(Data items)
______
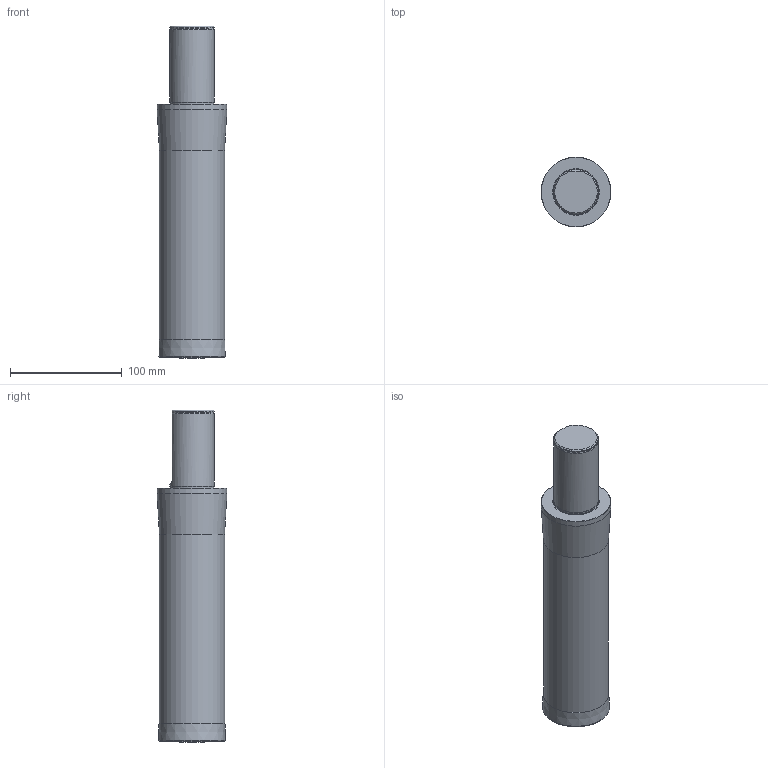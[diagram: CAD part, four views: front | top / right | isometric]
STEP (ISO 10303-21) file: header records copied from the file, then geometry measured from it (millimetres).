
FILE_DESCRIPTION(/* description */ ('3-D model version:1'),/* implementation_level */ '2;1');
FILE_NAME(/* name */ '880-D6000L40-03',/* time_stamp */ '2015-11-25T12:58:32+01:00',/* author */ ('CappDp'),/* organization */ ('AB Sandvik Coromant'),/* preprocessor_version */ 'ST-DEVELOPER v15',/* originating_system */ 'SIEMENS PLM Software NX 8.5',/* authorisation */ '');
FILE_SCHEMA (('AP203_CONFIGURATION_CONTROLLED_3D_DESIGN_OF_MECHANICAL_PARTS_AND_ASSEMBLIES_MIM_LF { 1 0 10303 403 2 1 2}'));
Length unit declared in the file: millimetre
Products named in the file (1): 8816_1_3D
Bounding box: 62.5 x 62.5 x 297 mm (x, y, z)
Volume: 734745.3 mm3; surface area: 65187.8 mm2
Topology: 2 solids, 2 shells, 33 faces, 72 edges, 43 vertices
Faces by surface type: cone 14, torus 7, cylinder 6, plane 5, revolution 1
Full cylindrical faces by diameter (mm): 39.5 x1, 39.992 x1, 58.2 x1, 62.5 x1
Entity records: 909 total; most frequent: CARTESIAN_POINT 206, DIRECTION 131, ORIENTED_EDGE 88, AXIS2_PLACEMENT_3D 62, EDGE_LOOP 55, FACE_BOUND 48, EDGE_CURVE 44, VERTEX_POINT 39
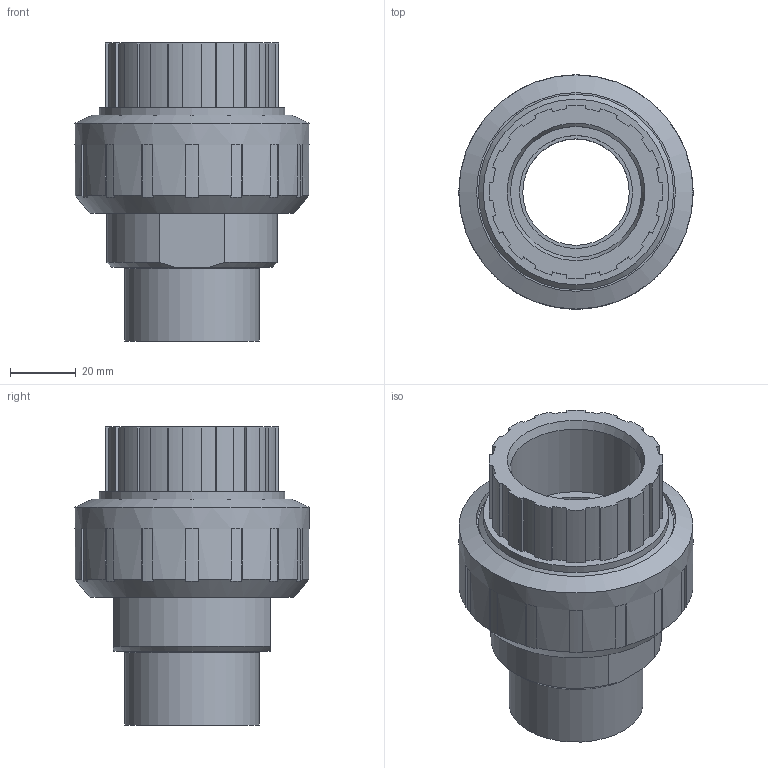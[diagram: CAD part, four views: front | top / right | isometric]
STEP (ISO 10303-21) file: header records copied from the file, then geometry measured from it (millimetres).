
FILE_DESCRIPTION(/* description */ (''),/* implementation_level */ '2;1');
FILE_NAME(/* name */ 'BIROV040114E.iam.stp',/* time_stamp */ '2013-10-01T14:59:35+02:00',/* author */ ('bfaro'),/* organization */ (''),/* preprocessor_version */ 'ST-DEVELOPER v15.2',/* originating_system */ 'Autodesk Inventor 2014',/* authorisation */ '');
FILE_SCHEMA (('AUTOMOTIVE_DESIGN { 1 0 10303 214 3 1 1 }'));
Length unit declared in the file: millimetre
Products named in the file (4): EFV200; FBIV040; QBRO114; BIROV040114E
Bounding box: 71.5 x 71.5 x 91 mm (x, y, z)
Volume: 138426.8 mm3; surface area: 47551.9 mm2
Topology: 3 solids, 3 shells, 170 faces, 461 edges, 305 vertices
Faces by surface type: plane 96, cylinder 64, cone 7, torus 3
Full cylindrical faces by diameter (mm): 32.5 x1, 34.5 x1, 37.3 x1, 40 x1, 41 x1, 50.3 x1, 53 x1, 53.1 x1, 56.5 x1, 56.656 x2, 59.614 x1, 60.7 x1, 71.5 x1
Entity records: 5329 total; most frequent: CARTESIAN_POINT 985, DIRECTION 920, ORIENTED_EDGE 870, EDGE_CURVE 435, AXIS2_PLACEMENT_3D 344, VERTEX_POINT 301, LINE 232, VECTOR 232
______
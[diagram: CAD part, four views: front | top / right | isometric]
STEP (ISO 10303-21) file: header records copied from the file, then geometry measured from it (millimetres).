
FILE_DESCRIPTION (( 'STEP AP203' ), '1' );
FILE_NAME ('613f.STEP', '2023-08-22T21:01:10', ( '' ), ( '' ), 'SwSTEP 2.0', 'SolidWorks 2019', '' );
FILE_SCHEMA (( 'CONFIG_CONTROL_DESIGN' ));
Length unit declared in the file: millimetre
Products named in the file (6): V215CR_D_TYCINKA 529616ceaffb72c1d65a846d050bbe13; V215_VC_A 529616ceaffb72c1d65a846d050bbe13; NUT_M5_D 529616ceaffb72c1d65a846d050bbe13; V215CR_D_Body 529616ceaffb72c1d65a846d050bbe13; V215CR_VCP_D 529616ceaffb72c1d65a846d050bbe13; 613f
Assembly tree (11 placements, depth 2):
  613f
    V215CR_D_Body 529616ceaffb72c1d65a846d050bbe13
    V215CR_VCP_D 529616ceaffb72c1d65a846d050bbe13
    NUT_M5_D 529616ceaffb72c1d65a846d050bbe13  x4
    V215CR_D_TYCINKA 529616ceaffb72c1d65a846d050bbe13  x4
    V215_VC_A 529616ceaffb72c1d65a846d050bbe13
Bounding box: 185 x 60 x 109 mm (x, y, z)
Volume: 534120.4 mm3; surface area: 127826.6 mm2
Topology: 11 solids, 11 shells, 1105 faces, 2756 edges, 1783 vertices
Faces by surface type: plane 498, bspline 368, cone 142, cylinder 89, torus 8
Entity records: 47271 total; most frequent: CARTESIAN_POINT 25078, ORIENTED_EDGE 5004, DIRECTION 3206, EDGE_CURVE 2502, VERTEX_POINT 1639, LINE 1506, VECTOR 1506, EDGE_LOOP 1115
______
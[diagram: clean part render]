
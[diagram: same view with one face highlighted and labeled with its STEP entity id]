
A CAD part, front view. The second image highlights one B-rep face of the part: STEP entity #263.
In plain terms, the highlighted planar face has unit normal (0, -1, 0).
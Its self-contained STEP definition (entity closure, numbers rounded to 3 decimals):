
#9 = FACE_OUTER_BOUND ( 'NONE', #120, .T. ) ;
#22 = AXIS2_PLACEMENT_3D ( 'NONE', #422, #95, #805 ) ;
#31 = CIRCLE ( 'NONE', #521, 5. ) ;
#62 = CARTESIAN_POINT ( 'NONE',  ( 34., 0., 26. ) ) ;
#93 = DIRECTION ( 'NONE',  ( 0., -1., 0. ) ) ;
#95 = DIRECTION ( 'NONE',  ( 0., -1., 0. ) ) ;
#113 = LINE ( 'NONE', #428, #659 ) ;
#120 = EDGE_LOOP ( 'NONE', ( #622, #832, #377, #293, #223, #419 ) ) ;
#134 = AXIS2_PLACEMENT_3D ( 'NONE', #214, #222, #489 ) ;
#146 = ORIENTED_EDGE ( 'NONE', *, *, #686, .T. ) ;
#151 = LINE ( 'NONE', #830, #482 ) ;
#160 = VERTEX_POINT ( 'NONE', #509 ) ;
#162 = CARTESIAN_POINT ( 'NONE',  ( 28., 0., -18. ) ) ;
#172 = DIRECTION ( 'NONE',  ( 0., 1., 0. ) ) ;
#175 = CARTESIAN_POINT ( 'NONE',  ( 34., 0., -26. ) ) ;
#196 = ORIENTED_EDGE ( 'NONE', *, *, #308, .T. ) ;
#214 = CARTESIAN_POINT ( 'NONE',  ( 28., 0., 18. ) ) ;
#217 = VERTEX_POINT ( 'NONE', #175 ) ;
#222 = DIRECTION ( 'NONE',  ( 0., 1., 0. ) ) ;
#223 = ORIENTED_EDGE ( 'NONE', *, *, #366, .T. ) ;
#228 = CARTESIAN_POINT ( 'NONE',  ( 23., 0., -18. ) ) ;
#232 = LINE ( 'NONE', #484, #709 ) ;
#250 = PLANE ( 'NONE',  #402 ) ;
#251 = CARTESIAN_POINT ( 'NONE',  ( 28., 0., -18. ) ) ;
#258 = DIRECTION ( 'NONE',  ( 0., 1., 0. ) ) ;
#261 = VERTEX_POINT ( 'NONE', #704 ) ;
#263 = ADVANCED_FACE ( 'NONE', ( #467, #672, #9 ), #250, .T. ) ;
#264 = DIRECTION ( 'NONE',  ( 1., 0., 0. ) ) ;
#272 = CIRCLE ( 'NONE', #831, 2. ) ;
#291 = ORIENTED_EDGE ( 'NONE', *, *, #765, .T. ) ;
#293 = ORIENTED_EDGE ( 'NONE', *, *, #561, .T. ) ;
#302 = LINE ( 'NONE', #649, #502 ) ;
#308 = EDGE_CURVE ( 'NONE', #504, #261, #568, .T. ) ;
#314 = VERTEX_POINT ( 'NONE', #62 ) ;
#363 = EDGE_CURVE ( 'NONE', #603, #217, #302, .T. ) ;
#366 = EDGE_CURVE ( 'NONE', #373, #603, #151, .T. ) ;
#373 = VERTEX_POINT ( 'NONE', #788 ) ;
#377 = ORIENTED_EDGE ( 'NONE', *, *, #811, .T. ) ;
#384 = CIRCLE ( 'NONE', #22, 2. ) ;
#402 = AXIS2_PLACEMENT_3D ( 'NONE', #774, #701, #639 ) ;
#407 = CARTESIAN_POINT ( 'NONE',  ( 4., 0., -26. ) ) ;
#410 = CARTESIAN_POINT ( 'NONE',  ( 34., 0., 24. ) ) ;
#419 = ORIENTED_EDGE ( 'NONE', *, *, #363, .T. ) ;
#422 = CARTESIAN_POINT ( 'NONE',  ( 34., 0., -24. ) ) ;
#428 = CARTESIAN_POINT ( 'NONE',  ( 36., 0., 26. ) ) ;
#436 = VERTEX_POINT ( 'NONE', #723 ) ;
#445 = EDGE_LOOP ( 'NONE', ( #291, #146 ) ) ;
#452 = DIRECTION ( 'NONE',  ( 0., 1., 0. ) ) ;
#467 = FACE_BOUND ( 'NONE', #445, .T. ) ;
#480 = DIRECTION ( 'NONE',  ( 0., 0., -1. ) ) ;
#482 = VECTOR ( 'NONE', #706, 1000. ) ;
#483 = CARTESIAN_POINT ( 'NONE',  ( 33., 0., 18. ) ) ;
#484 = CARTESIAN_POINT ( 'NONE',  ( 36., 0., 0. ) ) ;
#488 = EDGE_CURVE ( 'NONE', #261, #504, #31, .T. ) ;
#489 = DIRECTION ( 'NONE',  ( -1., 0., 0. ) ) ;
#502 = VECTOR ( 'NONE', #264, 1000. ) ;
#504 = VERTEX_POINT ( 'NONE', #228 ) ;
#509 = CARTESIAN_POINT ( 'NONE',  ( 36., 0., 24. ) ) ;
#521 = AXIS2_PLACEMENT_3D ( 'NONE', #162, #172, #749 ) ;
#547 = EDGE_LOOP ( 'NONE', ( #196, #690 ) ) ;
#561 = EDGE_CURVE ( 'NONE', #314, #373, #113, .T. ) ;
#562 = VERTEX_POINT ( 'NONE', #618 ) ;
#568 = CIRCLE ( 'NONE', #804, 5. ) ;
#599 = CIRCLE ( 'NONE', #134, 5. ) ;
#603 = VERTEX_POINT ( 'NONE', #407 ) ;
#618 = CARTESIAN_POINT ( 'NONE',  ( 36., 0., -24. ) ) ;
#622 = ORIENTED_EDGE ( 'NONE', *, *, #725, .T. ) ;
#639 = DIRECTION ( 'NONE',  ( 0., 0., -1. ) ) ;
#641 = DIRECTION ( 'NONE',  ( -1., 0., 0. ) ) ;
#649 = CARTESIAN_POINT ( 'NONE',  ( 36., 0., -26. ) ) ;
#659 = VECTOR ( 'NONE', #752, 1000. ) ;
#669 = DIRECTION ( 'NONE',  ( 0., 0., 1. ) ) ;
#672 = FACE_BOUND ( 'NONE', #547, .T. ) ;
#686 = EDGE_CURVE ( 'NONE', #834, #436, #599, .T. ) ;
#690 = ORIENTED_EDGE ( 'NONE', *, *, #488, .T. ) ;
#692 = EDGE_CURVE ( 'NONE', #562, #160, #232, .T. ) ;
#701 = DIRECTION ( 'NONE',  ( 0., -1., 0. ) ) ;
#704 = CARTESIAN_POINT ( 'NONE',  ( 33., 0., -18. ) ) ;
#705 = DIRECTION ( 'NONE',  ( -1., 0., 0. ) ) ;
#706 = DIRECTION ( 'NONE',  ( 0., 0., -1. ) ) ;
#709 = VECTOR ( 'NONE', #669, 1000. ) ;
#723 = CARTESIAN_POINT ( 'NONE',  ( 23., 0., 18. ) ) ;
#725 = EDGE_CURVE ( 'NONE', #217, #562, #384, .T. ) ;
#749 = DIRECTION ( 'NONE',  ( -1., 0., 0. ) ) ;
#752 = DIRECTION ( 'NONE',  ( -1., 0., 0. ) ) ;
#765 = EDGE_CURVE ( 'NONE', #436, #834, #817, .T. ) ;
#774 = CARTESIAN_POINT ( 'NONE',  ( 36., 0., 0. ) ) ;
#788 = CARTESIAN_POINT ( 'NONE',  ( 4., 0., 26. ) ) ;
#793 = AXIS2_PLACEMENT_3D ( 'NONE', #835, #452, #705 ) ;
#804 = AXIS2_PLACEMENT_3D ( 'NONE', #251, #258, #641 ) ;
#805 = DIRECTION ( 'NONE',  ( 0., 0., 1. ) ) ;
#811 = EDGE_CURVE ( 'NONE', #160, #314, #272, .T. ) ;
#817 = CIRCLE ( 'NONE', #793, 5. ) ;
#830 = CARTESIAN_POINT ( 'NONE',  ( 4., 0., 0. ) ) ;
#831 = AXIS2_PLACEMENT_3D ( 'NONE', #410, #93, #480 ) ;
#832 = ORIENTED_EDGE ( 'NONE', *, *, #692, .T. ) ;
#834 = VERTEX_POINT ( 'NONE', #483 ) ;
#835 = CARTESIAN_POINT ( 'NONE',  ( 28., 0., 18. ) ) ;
______
WHAT YOU NEED TO DO: Taking the entries above, print exactly the lines starting at the line with "#521 = AXIS2_PLACEMENT_3D" and ending at the line with "#618 = CARTESIAN_POINT", both included.

RESULT OF THE TASK:
#521 = AXIS2_PLACEMENT_3D ( 'NONE', #162, #172, #749 ) ;
#547 = EDGE_LOOP ( 'NONE', ( #196, #690 ) ) ;
#561 = EDGE_CURVE ( 'NONE', #314, #373, #113, .T. ) ;
#562 = VERTEX_POINT ( 'NONE', #618 ) ;
#568 = CIRCLE ( 'NONE', #804, 5. ) ;
#599 = CIRCLE ( 'NONE', #134, 5. ) ;
#603 = VERTEX_POINT ( 'NONE', #407 ) ;
#618 = CARTESIAN_POINT ( 'NONE',  ( 36., 0., -24. ) ) ;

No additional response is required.